/3DRegNet

Primary LanguagePythonMIT LicenseMIT

3DRegNet: A Deep Neural Network for 3D Point Registration

G. Dias Pais1, Pedro Miraldo1,2, Srikumar Ramalingam3,
Jacinto C. Nascimento1, Venu Madhav Govindu4, and Rama Chellappa5

1Instituto Superior Tecnico, Lisboa 2KTH Royal Institute of Technology 3University of Utah
4Indian Institute of Science, Bengaluru 5University of Maryland, College Park
E-Mail: goncalo.pais@tecnico.ulisboa.pt

intro fig

This project provides the opensource code for 3DRegNet, a deep learning algorithm for the registration of 3D scans. Given a set of 3D point correspondences, we build a deep neural network using deep residual layers and convolutional layers to achieve two tasks: (1) classification of the point correspondences into correct/incorrect ones, and (2) regression of the motion parameters that can align the scans into a common reference frame.

If you want to use this open source, please cite:

@article{pais19,
  title={3DRegNet: A Deep Neural Network for 3D Point Registration},
  author={G. Dias Pais and Pedro Miraldo and Srikumar Ramalingam and
            Jacinto C. Nascimento and Venu Madhav Govindu and Rama Chellappa},
  journal={arXiv:1904.01701},
  year={2019}
}

Method

We build a deep neural network using deep residual layers and convolutional layers to achieve.

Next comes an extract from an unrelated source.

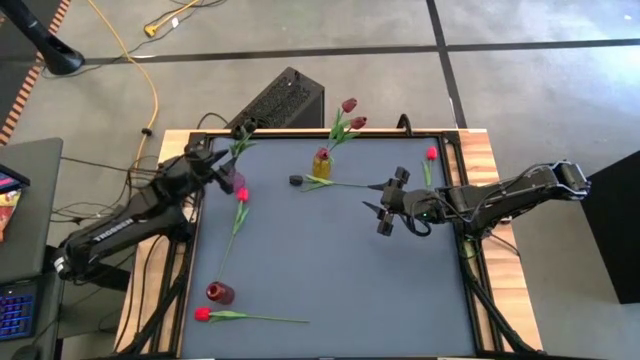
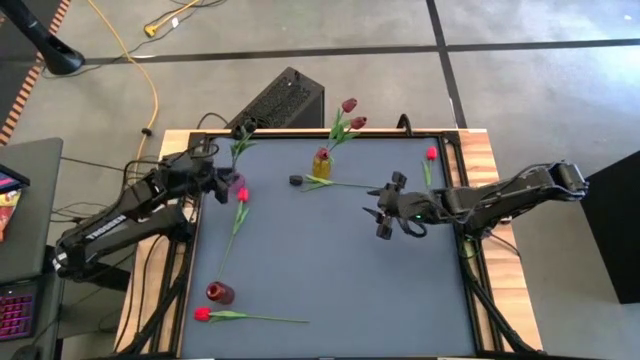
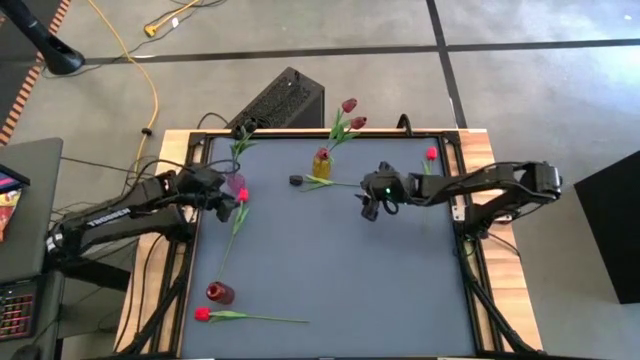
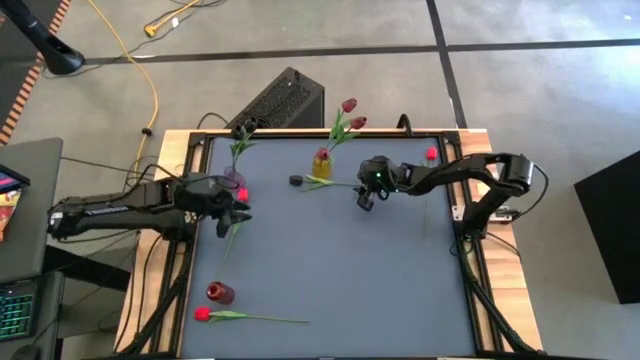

The network architecture is shown below.

Classification Block: The input to our network is a set of 3D point correspondences. Each point correspondence (6-tuples) is processed by a fully connected layer with 128 ReLU activation functions. There is weight sharing for each of the individual N point correspondences, and the output is of dimension Nx128 where we generate 128 dimensional features from every point correspondence. The Nx128 output is then passed through 12 deep ResNet blocks, with weight-shared fully connected layers instead of convolutional layers. At the end, we use another fully connected layer with ReLU followed by tanh units to produce the weights.

Registration Block: The input to this block are the features extracted from the point correspondences. We use pooling to extract meaningful features of dimensions 128x1 from each layer of the classification block. We extract features at 13 stages of the classification, i.e., the first one is extracted before the first ResNet block and the last one is extracted after the last (12th) ResNet block. After the pooling is completed, we apply context normalization and concatenate the 13 feature maps (size 13x128), which is then passed on to a convolutional layer, with 8 channels. The output of the convolution will then be injected in two fully connected layers with 256 filters each, with ReLU between the layers, that generate the output of six transformation parameters, in which the rotation is parameterized by the axis-angle representation (other representations for the rotation are available in the config.py).

Configuration

The project requires pip and CUDA 9 or 10. To install the required python libraries run the code below:

pip install -r requirements.txt

Train

The network hyperparameters and other configurations can be change in the config.py. To train the network, run the following code:

makedir logs

python3 main.py --log_dir=[NAME] 

The weights will be saved in the log directory and can be later used for testing.

The SUN3D dataset ready for training, i.e. the 3D correspondences given by FPFH, and the weights for a pre-trained network using this dataset are available for download in the following this link.

To train and test the network with this dataset, one should unzip the sun3d.zip file into the data folder to have a folder tree such as

data/sun3d/(test, train)

Test

To test the trained network, use the code below:

python3 main.py --log_dir=[NAME] --run_mode=test

where the name of the log directory is the name of the derised tested directory.

Some Results

Examples of the registration of 30 scans using the 3DRegNet, the FGR, and the RANSAC methods. Instead of just considering the alignment of a pair of 3D scans, we aim at aligning 30 3D scans. We use the same threescenes in the SUN3D data-set (no additional datasets were used, and no additional parameter tuning was done): MIT, Brown, and Harvard sequences in theSUN3D data-set. These sequences were not used in the training.